▼▼▼

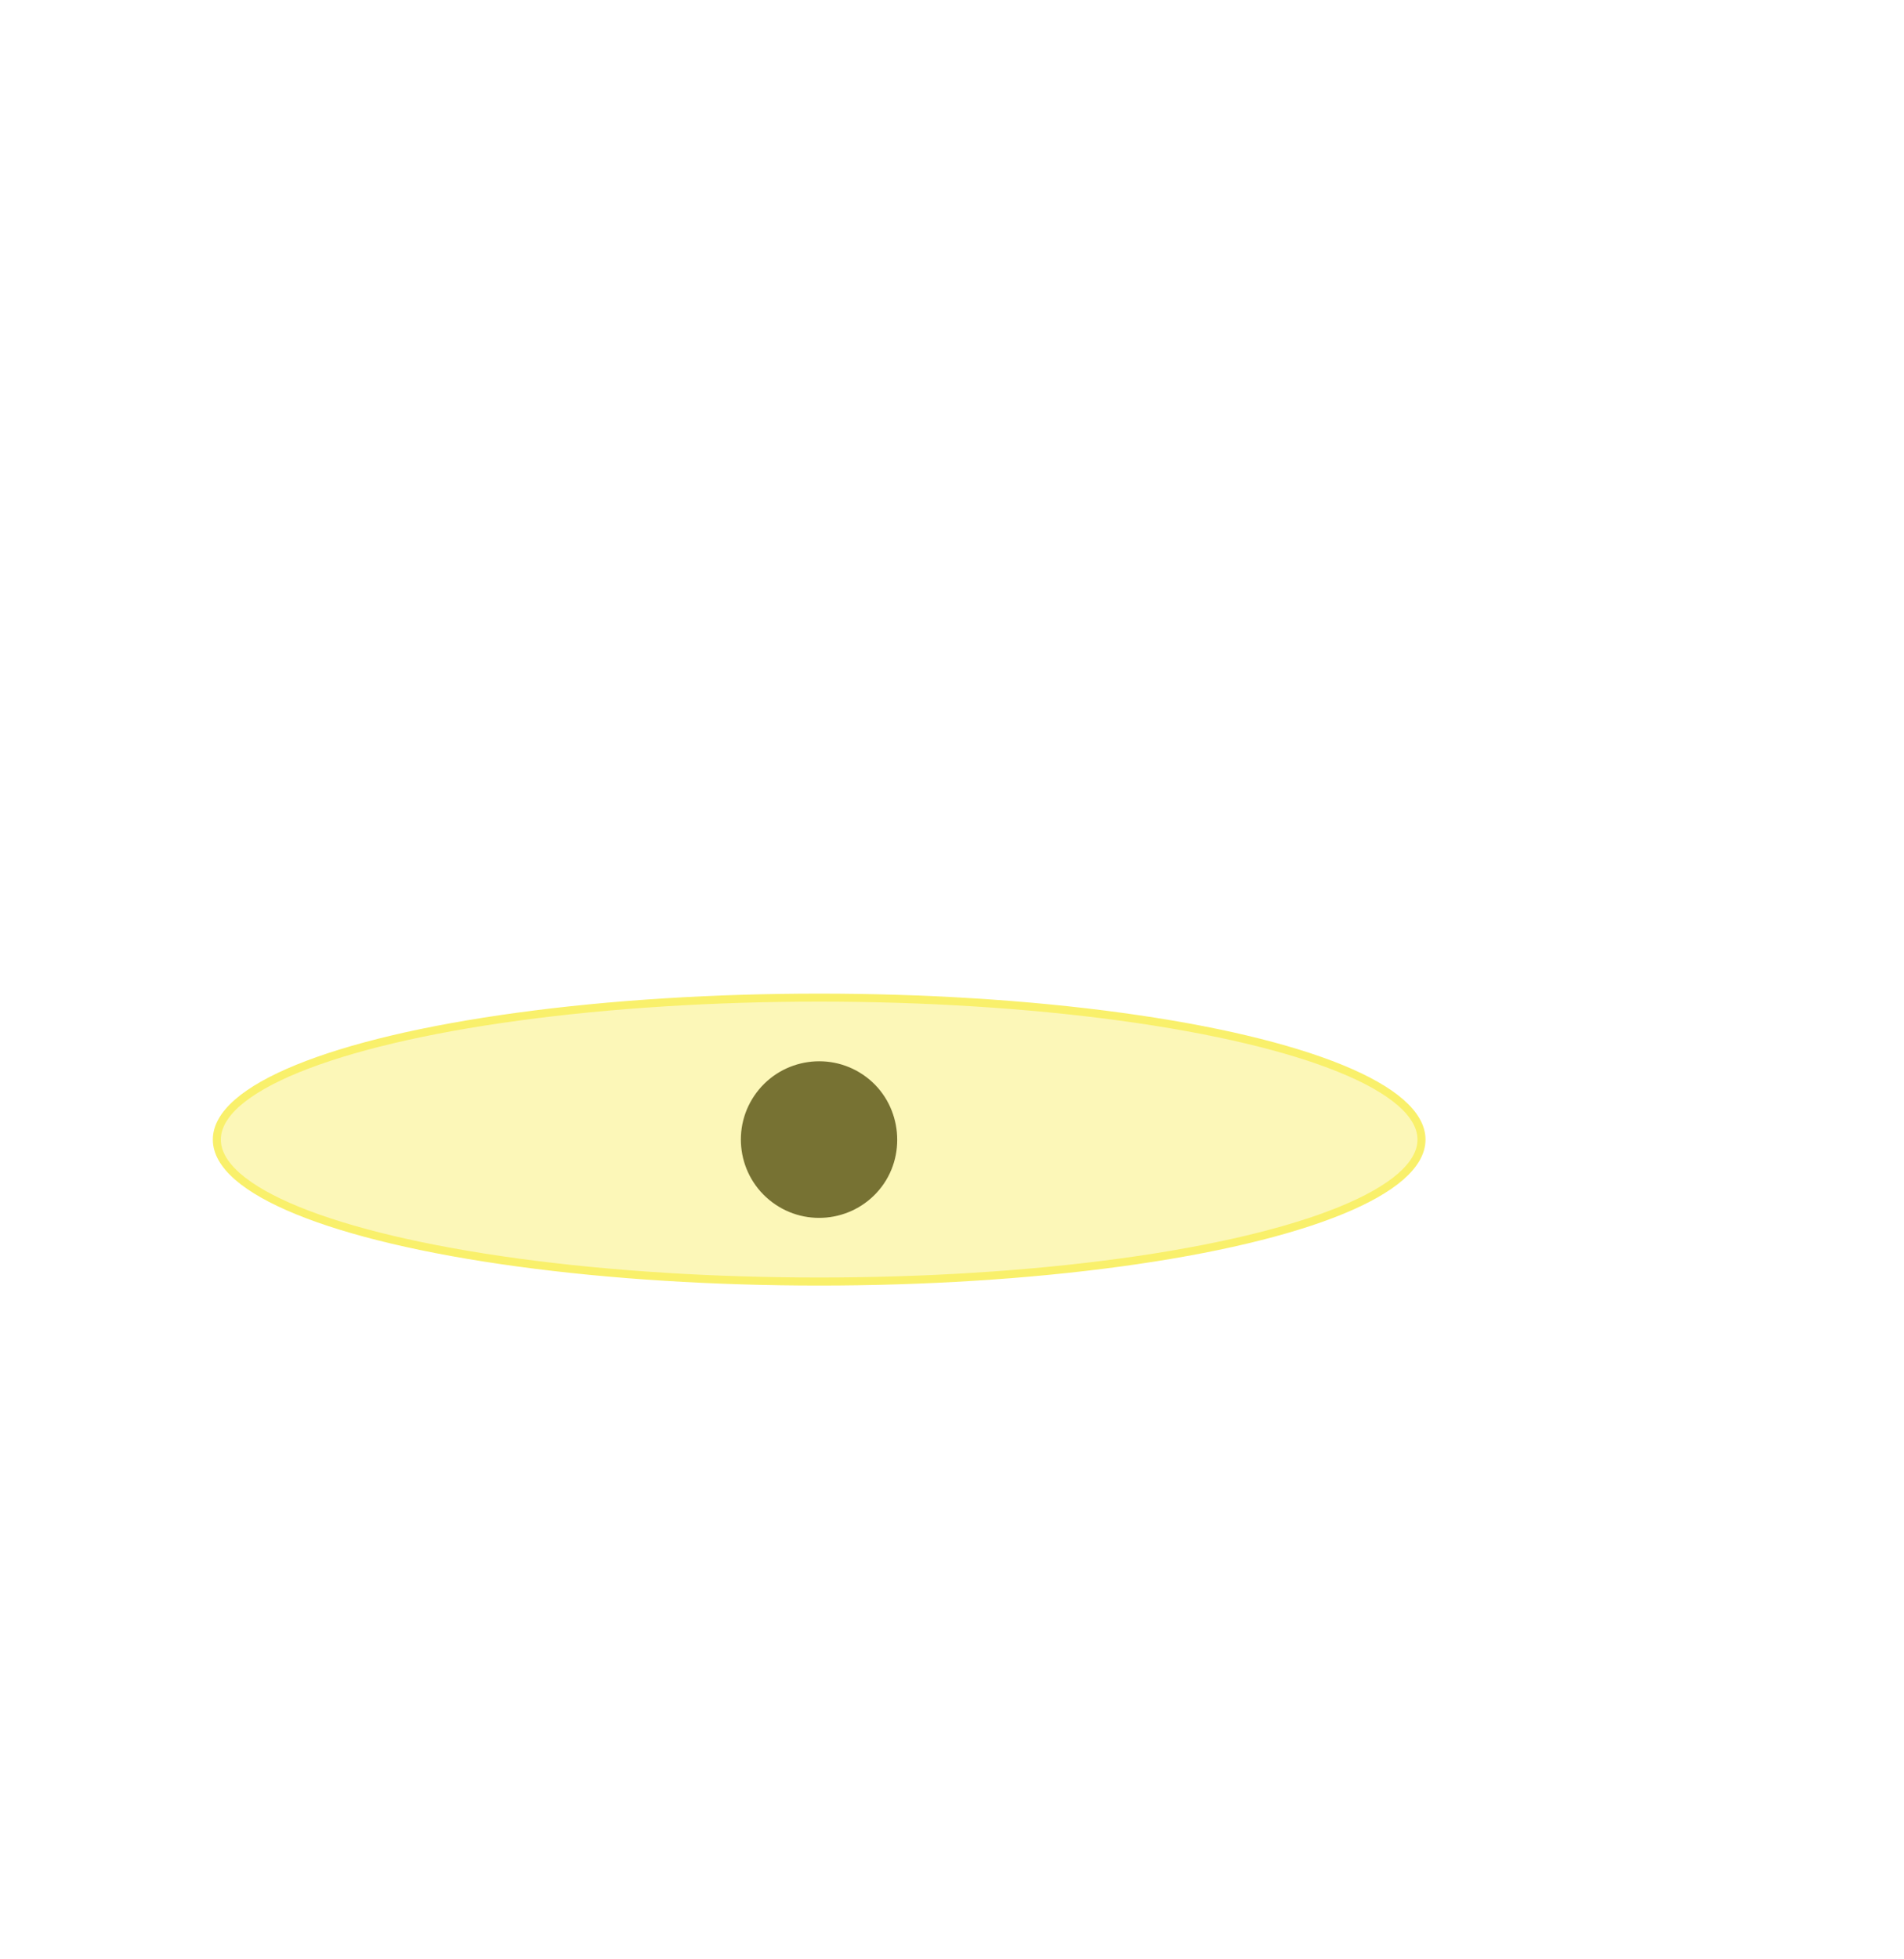 <?xml version="1.0" encoding="UTF-8" standalone="no"?>
<!-- Created with Inkscape (http://www.inkscape.org/) -->

<svg
   width="47.416mm"
   height="48.777mm"
   viewBox="0 0 47.416 48.777"
   version="1.1"
   id="svg1"
   xmlns="http://www.w3.org/2000/svg"
   xmlns:svg="http://www.w3.org/2000/svg">
  <defs
     id="defs1">
    <marker
       style="overflow:visible"
       id="Dot-9-6-5"
       refX="0"
       refY="0"
       orient="auto"
       markerWidth="0.6"
       markerHeight="0.6"
       viewBox="0 0 1 1"
       preserveAspectRatio="xMidYMid">
      <path
         transform="scale(0.5)"
         style="fill:context-stroke;fill-rule:evenodd;stroke:none"
         d="M 5,0 C 5,2.76 2.76,5 0,5 -2.76,5 -5,2.76 -5,0 c 0,-2.76 2.3,-5 5,-5 2.76,0 5,2.24 5,5 z"
         id="path17-0-0-5" />
    </marker>
  </defs>
  <g
     id="layer1"
     transform="translate(-304.6,-451.623)">
    <g
       id="g332"
       transform="translate(265,-0.07)">
      <path
         style="fill:#57e389;fill-opacity:1;fill-rule:evenodd;stroke:#ffffff;stroke-width:0.8;stroke-linecap:round;stroke-linejoin:round;stroke-miterlimit:3.25;stroke-dasharray:none"
         d="m 60,460.07 v 40"
         id="path325" />
      <path
         style="fill:#57e389;fill-opacity:1;fill-rule:evenodd;stroke:#ffffff;stroke-width:0.8;stroke-linecap:round;stroke-linejoin:round;stroke-miterlimit:3.25;stroke-dasharray:none"
         d="M 80,480.07 H 40"
         id="path326" />
      <g
         id="g328"
         style="stroke-width:0.245;stroke-dasharray:none"
         transform="matrix(1,0,0,0.667,-145,426.737)">
        <path
           style="fill:#57e389;fill-opacity:1;fill-rule:evenodd;stroke:#ffffff;stroke-width:0.245;stroke-linecap:round;stroke-linejoin:round;stroke-miterlimit:3.25;stroke-dasharray:none"
           d="m 215,50 v 60"
           id="path327" />
        <path
           style="fill:#57e389;fill-opacity:1;fill-rule:evenodd;stroke:#ffffff;stroke-width:0.245;stroke-linecap:round;stroke-linejoin:round;stroke-miterlimit:3.25;stroke-dasharray:none"
           d="m 195,50 v 60"
           id="path328" />
      </g>
      <g
         id="g330"
         transform="matrix(0,1,-0.667,0,113.333,275.07)"
         style="stroke-width:0.245;stroke-dasharray:none">
        <path
           style="fill:#57e389;fill-opacity:1;fill-rule:evenodd;stroke:#ffffff;stroke-width:0.245;stroke-linecap:round;stroke-linejoin:round;stroke-miterlimit:3.25;stroke-dasharray:none"
           d="m 215,50 v 60"
           id="path329" />
        <path
           style="fill:#57e389;fill-opacity:1;fill-rule:evenodd;stroke:#ffffff;stroke-width:0.245;stroke-linecap:round;stroke-linejoin:round;stroke-miterlimit:3.25;stroke-dasharray:none"
           d="m 195,50 v 60"
           id="path330" />
      </g>
      <path
         d="m 87.016,483.308 h -0.998 l -1.182,-2.074 -1.196,2.074 h -0.989 l 1.669,-2.725 -1.63,-2.566 h 0.994 l 1.153,1.973 1.158,-1.973 h 0.979 l -1.606,2.576 z"
         id="path331"
         style="font-size:9.878px;line-height:1;font-family:Coda;-inkscape-font-specification:'Coda, Normal';fill:#ffffff;fill-rule:evenodd;stroke-width:1.3;stroke-linecap:round;stroke-linejoin:round;stroke-miterlimit:3.25"
         aria-label="x" />
      <path
         d="m 60.12,454.524 q 0,0.444 -0.019,0.752 -0.015,0.309 -0.063,0.613 -0.043,0.304 -0.135,0.497 -0.087,0.193 -0.232,0.367 -0.14,0.169 -0.347,0.26 -0.207,0.092 -0.487,0.14 -0.28,0.053 -0.651,0.053 -1.273,0 -1.457,-0.569 v 2.291 l -0.95,0.072 v -7.158 h 0.863 l 0.092,0.584 q 0.294,-0.733 1.543,-0.733 0.256,0 0.463,0.024 0.212,0.019 0.381,0.077 0.174,0.058 0.304,0.125 0.135,0.068 0.236,0.188 0.106,0.116 0.178,0.236 0.072,0.121 0.121,0.309 0.053,0.183 0.082,0.362 0.034,0.178 0.048,0.439 0.019,0.256 0.024,0.497 0.005,0.236 0.005,0.574 z m -0.95,-0.314 q -0.01,-0.969 -0.029,-1.283 -0.019,-0.338 -0.256,-0.453 -0.232,-0.116 -0.921,-0.116 -0.873,0 -1.119,0.28 -0.135,0.198 -0.135,1.153 0,0.193 0.005,0.574 0.01,0.381 0.01,0.55 0,0.169 -0.015,0.434 -0.01,0.265 -0.01,0.367 0,0.294 0.092,0.463 0.097,0.169 0.376,0.27 0.285,0.097 0.796,0.097 0.704,0 0.95,-0.116 0.265,-0.125 0.265,-1.297 0,-0.178 -0.005,-0.492 -0.005,-0.314 -0.005,-0.429 z"
         id="path332"
         style="font-size:9.878px;line-height:1;font-family:Coda;-inkscape-font-specification:'Coda, Normal';fill:#ffffff;fill-rule:evenodd;stroke-width:1.3;stroke-linecap:round;stroke-linejoin:round;stroke-miterlimit:3.25"
         aria-label="p" />
    </g>
    <g
       id="g333"
       transform="translate(279.236,7.456)">
      <path
         style="fill:#ffffff;fill-rule:evenodd;stroke:#f9f06b;stroke-width:1.3;stroke-linecap:round;stroke-linejoin:round;stroke-miterlimit:3.25;stroke-dasharray:1.3, 2.6;stroke-dashoffset:0;stroke-opacity:1;marker-end:url(#Dot-9-6-5)"
         d="m 45.764,472.544 -1.5e-5,2e-5"
         id="path333" />
      <ellipse
         style="fill:#f9f06b;fill-opacity:0.477;fill-rule:evenodd;stroke:#f9f06b;stroke-width:0.2;stroke-linecap:round;stroke-linejoin:round;stroke-miterlimit:3.25;stroke-dasharray:none;stroke-dashoffset:0;stroke-opacity:1"
         id="circle333"
         cx="45.764"
         cy="472.544"
         rx="15"
         ry="3.535" />
    </g>
  </g>
</svg>

▲▲▲

Task statement | Every word of the material above should be copied exactly; no pictures.

Solution for this problem |
 <?xml version="1.0" encoding="UTF-8" standalone="no"?>
<!-- Created with Inkscape (http://www.inkscape.org/) -->

<svg
   width="47.416mm"
   height="48.777mm"
   viewBox="0 0 47.416 48.777"
   version="1.1"
   id="svg1"
   xmlns="http://www.w3.org/2000/svg"
   xmlns:svg="http://www.w3.org/2000/svg">
  <defs
     id="defs1">
    <marker
       style="overflow:visible"
       id="Dot-9-6-5"
       refX="0"
       refY="0"
       orient="auto"
       markerWidth="0.6"
       markerHeight="0.6"
       viewBox="0 0 1 1"
       preserveAspectRatio="xMidYMid">
      <path
         transform="scale(0.5)"
         style="fill:context-stroke;fill-rule:evenodd;stroke:none"
         d="M 5,0 C 5,2.76 2.76,5 0,5 -2.76,5 -5,2.76 -5,0 c 0,-2.76 2.3,-5 5,-5 2.76,0 5,2.24 5,5 z"
         id="path17-0-0-5" />
    </marker>
  </defs>
  <g
     id="layer1"
     transform="translate(-304.6,-451.623)">
    <g
       id="g332"
       transform="translate(265,-0.07)">
      <path
         style="fill:#57e389;fill-opacity:1;fill-rule:evenodd;stroke:#ffffff;stroke-width:0.8;stroke-linecap:round;stroke-linejoin:round;stroke-miterlimit:3.25;stroke-dasharray:none"
         d="m 60,460.07 v 40"
         id="path325" />
      <path
         style="fill:#57e389;fill-opacity:1;fill-rule:evenodd;stroke:#ffffff;stroke-width:0.8;stroke-linecap:round;stroke-linejoin:round;stroke-miterlimit:3.25;stroke-dasharray:none"
         d="M 80,480.07 H 40"
         id="path326" />
      <g
         id="g328"
         style="stroke-width:0.245;stroke-dasharray:none"
         transform="matrix(1,0,0,0.667,-145,426.737)">
        <path
           style="fill:#57e389;fill-opacity:1;fill-rule:evenodd;stroke:#ffffff;stroke-width:0.245;stroke-linecap:round;stroke-linejoin:round;stroke-miterlimit:3.25;stroke-dasharray:none"
           d="m 215,50 v 60"
           id="path327" />
        <path
           style="fill:#57e389;fill-opacity:1;fill-rule:evenodd;stroke:#ffffff;stroke-width:0.245;stroke-linecap:round;stroke-linejoin:round;stroke-miterlimit:3.25;stroke-dasharray:none"
           d="m 195,50 v 60"
           id="path328" />
      </g>
      <g
         id="g330"
         transform="matrix(0,1,-0.667,0,113.333,275.07)"
         style="stroke-width:0.245;stroke-dasharray:none">
        <path
           style="fill:#57e389;fill-opacity:1;fill-rule:evenodd;stroke:#ffffff;stroke-width:0.245;stroke-linecap:round;stroke-linejoin:round;stroke-miterlimit:3.25;stroke-dasharray:none"
           d="m 215,50 v 60"
           id="path329" />
        <path
           style="fill:#57e389;fill-opacity:1;fill-rule:evenodd;stroke:#ffffff;stroke-width:0.245;stroke-linecap:round;stroke-linejoin:round;stroke-miterlimit:3.25;stroke-dasharray:none"
           d="m 195,50 v 60"
           id="path330" />
      </g>
      <path
         d="m 87.016,483.308 h -0.998 l -1.182,-2.074 -1.196,2.074 h -0.989 l 1.669,-2.725 -1.63,-2.566 h 0.994 l 1.153,1.973 1.158,-1.973 h 0.979 l -1.606,2.576 z"
         id="path331"
         style="font-size:9.878px;line-height:1;font-family:Coda;-inkscape-font-specification:'Coda, Normal';fill:#ffffff;fill-rule:evenodd;stroke-width:1.3;stroke-linecap:round;stroke-linejoin:round;stroke-miterlimit:3.25"
         aria-label="x" />
      <path
         d="m 60.12,454.524 q 0,0.444 -0.019,0.752 -0.015,0.309 -0.063,0.613 -0.043,0.304 -0.135,0.497 -0.087,0.193 -0.232,0.367 -0.14,0.169 -0.347,0.26 -0.207,0.092 -0.487,0.14 -0.28,0.053 -0.651,0.053 -1.273,0 -1.457,-0.569 v 2.291 l -0.95,0.072 v -7.158 h 0.863 l 0.092,0.584 q 0.294,-0.733 1.543,-0.733 0.256,0 0.463,0.024 0.212,0.019 0.381,0.077 0.174,0.058 0.304,0.125 0.135,0.068 0.236,0.188 0.106,0.116 0.178,0.236 0.072,0.121 0.121,0.309 0.053,0.183 0.082,0.362 0.034,0.178 0.048,0.439 0.019,0.256 0.024,0.497 0.005,0.236 0.005,0.574 z m -0.95,-0.314 q -0.01,-0.969 -0.029,-1.283 -0.019,-0.338 -0.256,-0.453 -0.232,-0.116 -0.921,-0.116 -0.873,0 -1.119,0.28 -0.135,0.198 -0.135,1.153 0,0.193 0.005,0.574 0.01,0.381 0.01,0.55 0,0.169 -0.015,0.434 -0.01,0.265 -0.01,0.367 0,0.294 0.092,0.463 0.097,0.169 0.376,0.27 0.285,0.097 0.796,0.097 0.704,0 0.95,-0.116 0.265,-0.125 0.265,-1.297 0,-0.178 -0.005,-0.492 -0.005,-0.314 -0.005,-0.429 z"
         id="path332"
         style="font-size:9.878px;line-height:1;font-family:Coda;-inkscape-font-specification:'Coda, Normal';fill:#ffffff;fill-rule:evenodd;stroke-width:1.3;stroke-linecap:round;stroke-linejoin:round;stroke-miterlimit:3.25"
         aria-label="p" />
    </g>
    <g
       id="g333"
       transform="translate(279.236,7.456)">
      <path
         style="fill:#ffffff;fill-rule:evenodd;stroke:#f9f06b;stroke-width:1.3;stroke-linecap:round;stroke-linejoin:round;stroke-miterlimit:3.25;stroke-dasharray:1.3, 2.6;stroke-dashoffset:0;stroke-opacity:1;marker-end:url(#Dot-9-6-5)"
         d="m 45.764,472.544 -1.5e-5,2e-5"
         id="path333" />
      <ellipse
         style="fill:#f9f06b;fill-opacity:0.477;fill-rule:evenodd;stroke:#f9f06b;stroke-width:0.2;stroke-linecap:round;stroke-linejoin:round;stroke-miterlimit:3.25;stroke-dasharray:none;stroke-dashoffset:0;stroke-opacity:1"
         id="circle333"
         cx="45.764"
         cy="472.544"
         rx="15"
         ry="3.535" />
    </g>
  </g>
</svg>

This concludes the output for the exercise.